Consider physicist Giorgio Morpurgo in his search for quarks with fractional electric charge. At first, his modern Millikan-style apparatus showed a continuous smear of charge values — which matched neither the theory of integer charge nor the theory of fractional charge. So he altered the apparatus, increasing the separation between plates, and eventually got clean integer values. Pickering sees this as a story not of discovery but of forging a stable fit between human choices and material resistance.

Critics worry that this view makes nature seem like a soft clay. Where is the hard fact that fractional charges either exist or they don’t? Franklin and others insist that the very need to reproduce known phenomena — like integer charge — gives the natural world a stubborn say. Different experimenters can achieve different fits, but the scientific community eventually weeds out the ones that don’t survive more testing. Even Pickering acknowledges that “the outcomes depend on how the world is.” The question is how much weight that “is” carries.

Big Science and the Look-Elsewhere Effect

In mega-labs, automated triggers and statistical thresholds shape what scientists are even allowed to see.

In today’s giant experiments — like the Large Hadron Collider — the dance becomes even more complicated. Detectors are so vast and collisions so many that automated triggers have to decide, in a millionth of a second, which events are worth recording. What if the trigger, pre-loaded with expectations from current theory, throws out a signal that would have revealed something new? Physicist Wolfgang Panofsky (1919–2007) worried about exactly that: “What is the extent to which we are negating the discovery potential of very-high-energy proton machines by the necessity of rejecting, a priori, the events we cannot afford to record?”

Then there’s the look-elsewhere effect. Suppose you search for a predicted particle in a wide energy range. You spot a juicy signal in one narrow bin. But the probability of finding some signal somewhere in the whole range is much higher than finding it exactly there. How much more should you look before declaring discovery? When experimenters hunted for the Higgs boson, theorists favored a relaxed standard, believing prior theory already pointed where to look. Experimentalists insisted on a tough five-sigma threshold, wanting the data to shout over any random blip. The disagreement reveals that even the most mathematical part of science — statistics — still rests on judgments about how much to trust theory.

Why Trust Experiments at All? (And What It Means for You)

It can feel unsettling. If even the pros argue about when an experiment is convincing, how can you trust that the medicine you take or the weather forecast you read is based on solid ground? This is where the toolbox matters — not because it removes all doubt, but because it builds a web of reasons that is hard to dismiss.

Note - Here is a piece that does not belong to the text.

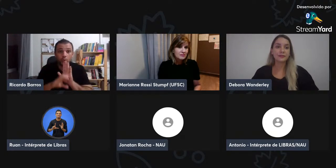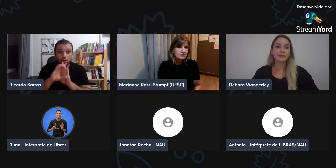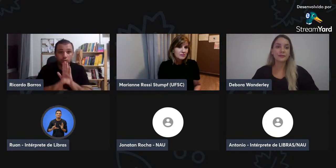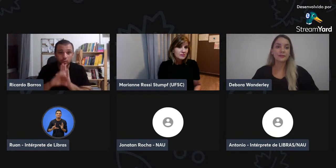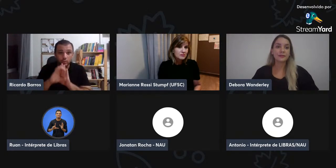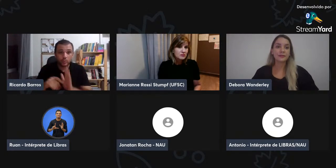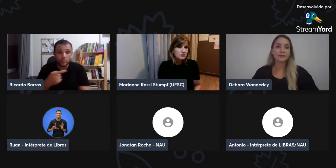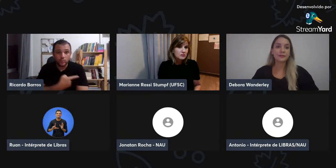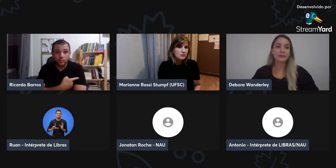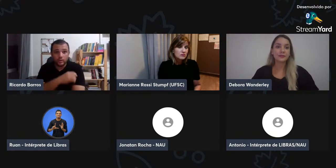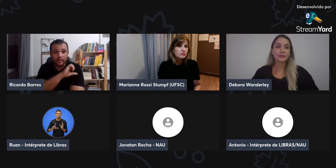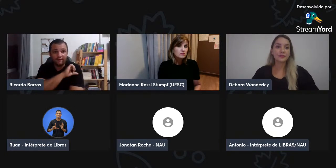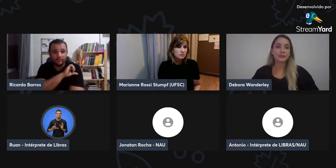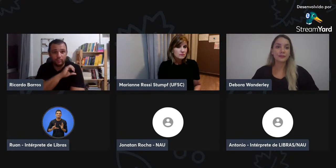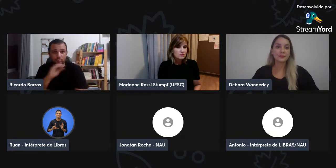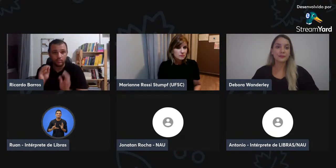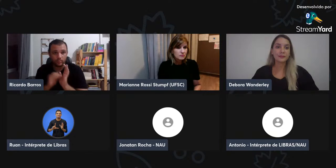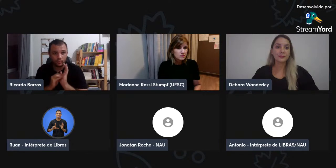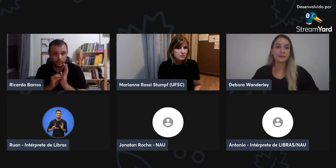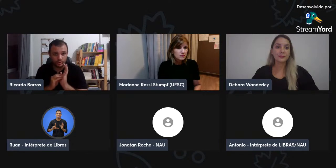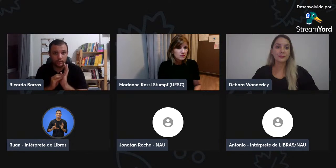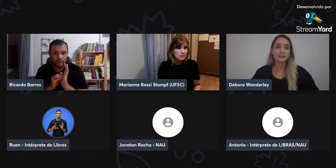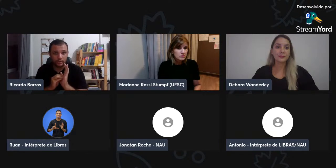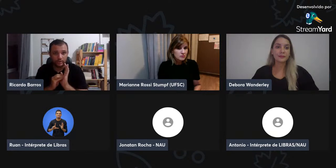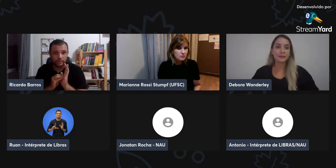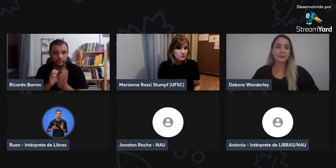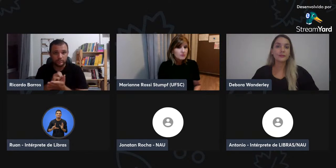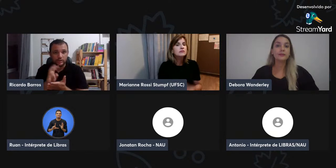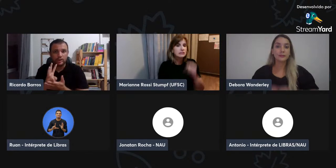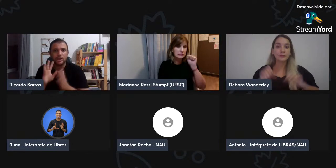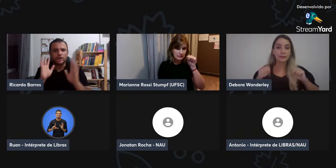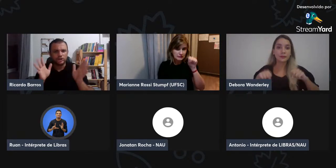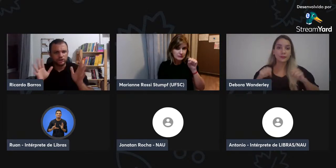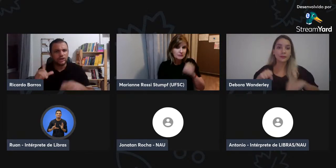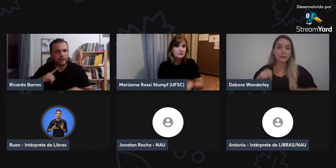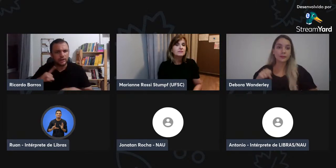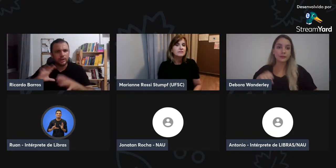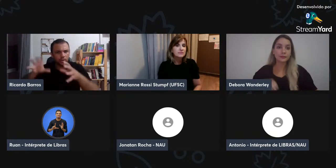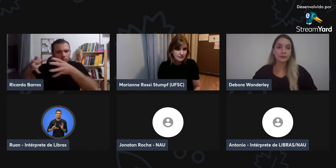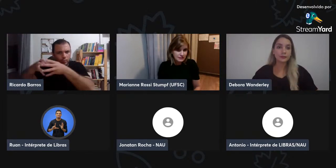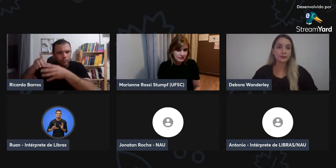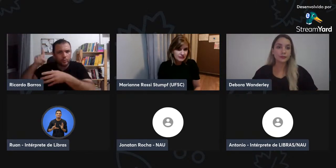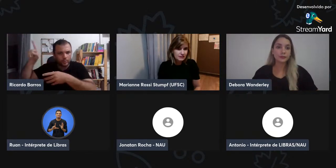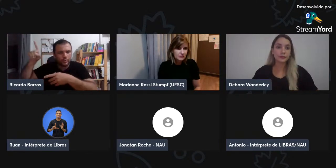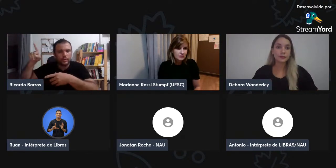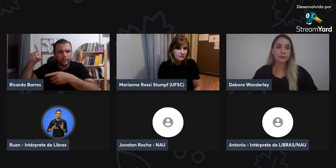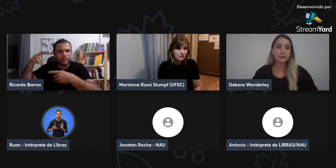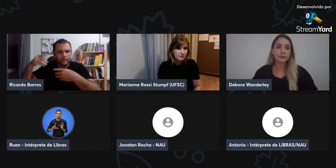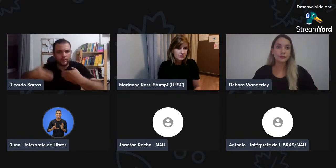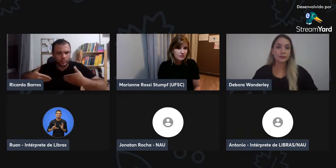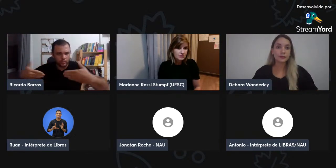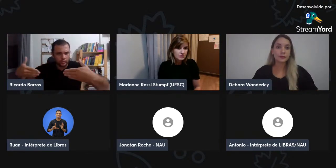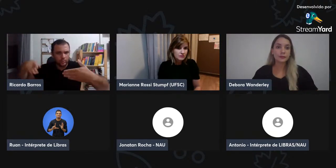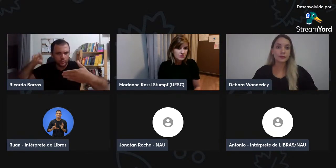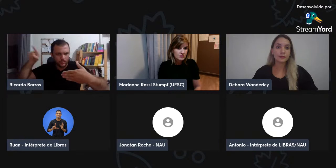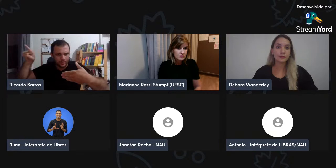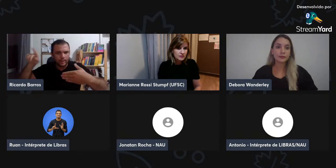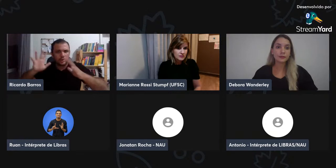e vocês duas explicaram com relação ao currículo do primeiro ao nono ano, já é incluso o SignWrite,

The same epistemological strategies that Hacking found in physics show up in biology too. In the 1950s, H. B. D. Kettlewell wanted to test why darker peppered moths were becoming more common in polluted industrial areas. He used human observers to judge camouflage, released moths into enclosures with birds, and then performed large mark-release-recapture experiments in the wild — checking each step against possible errors. He even filmed birds preying on the moths to nail down that conspicuousness was the real factor. His toolbox was the same as a physicist’s: calibration, independent confirmation, and elimination of alternatives.

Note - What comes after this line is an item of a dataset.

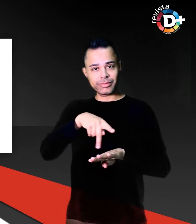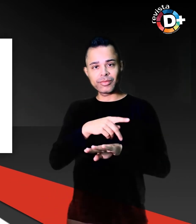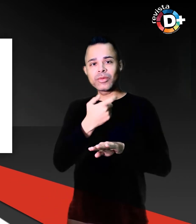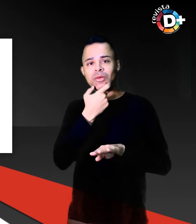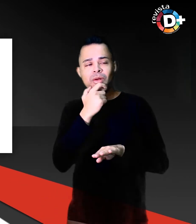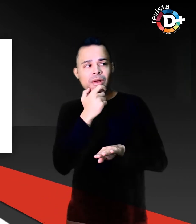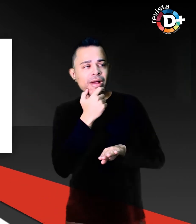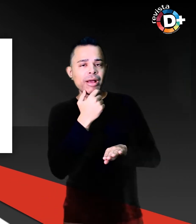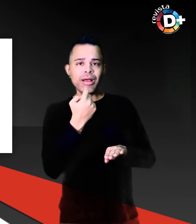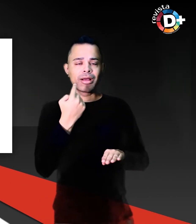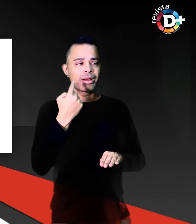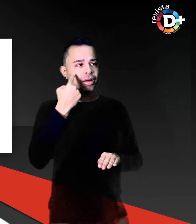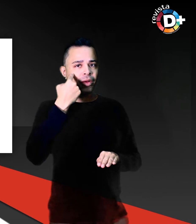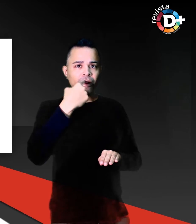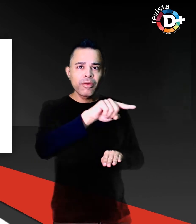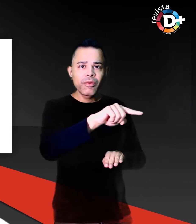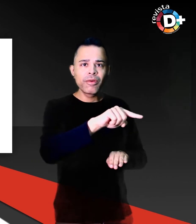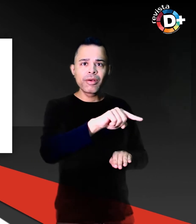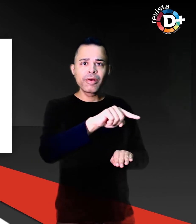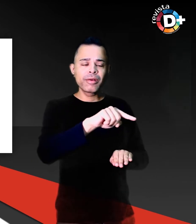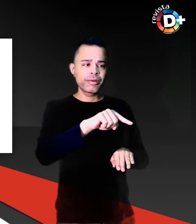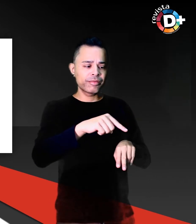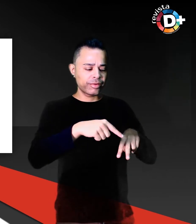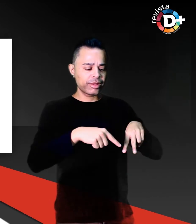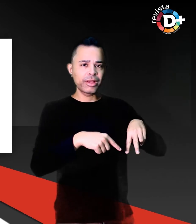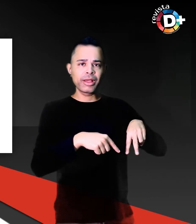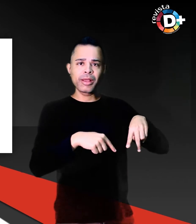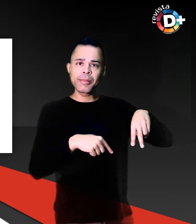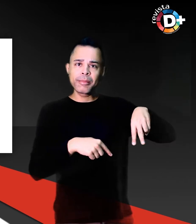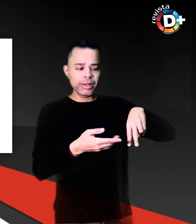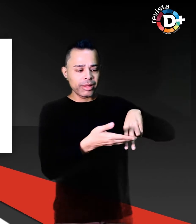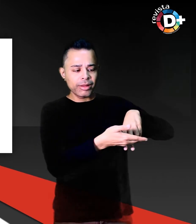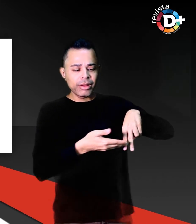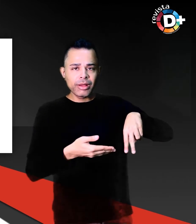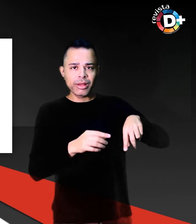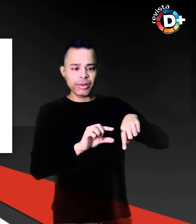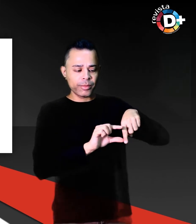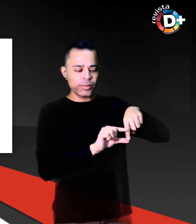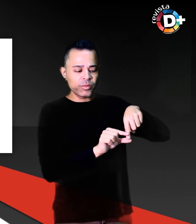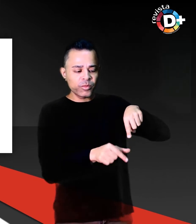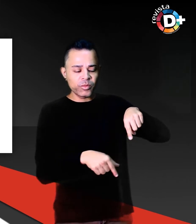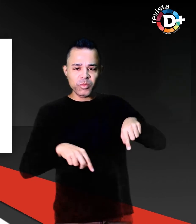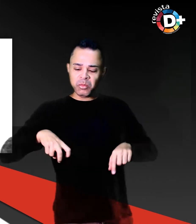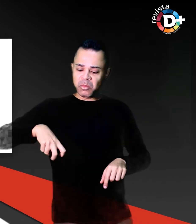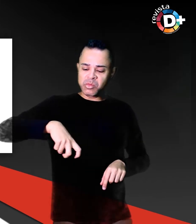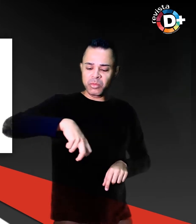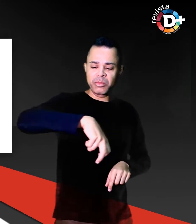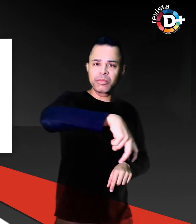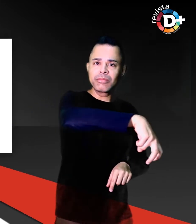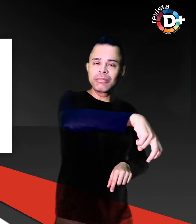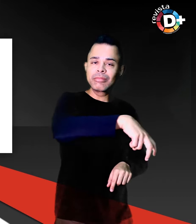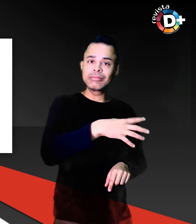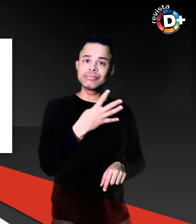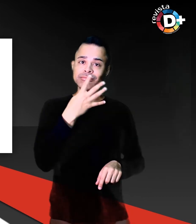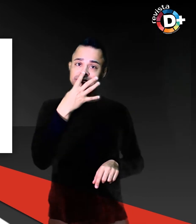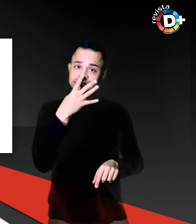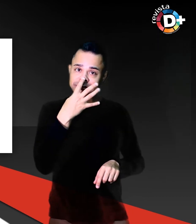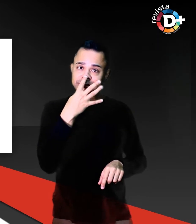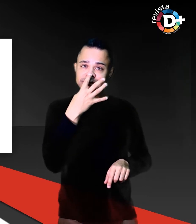incríveis lâminas no lugar de pernas. Para retratar de maneira autêntica a cobrança dos treinadores diante

So, the next time you build a volcano for a science fair — or watch a news story about a new vaccine — remember: the confidence you feel rests on centuries of learning how to check work, argue openly, and, when necessary, change your mind. Scientific facts are not handed down from a mountaintop; they are built, scrutinized, and sometimes knocked down and rebuilt. That’s exactly what makes them strong.

Think about it

  1. If two honest experimenters both use all the checking strategies and still get opposite results, what should the rest of us believe — and why?
  2. Can you think of a situation in your own life where you were fooled by something that seemed like a clear pattern but was really a coincidence? How did you figure it out?
  3. Should we trust an experiment more if it matches a beautiful theory, or should that make us more suspicious?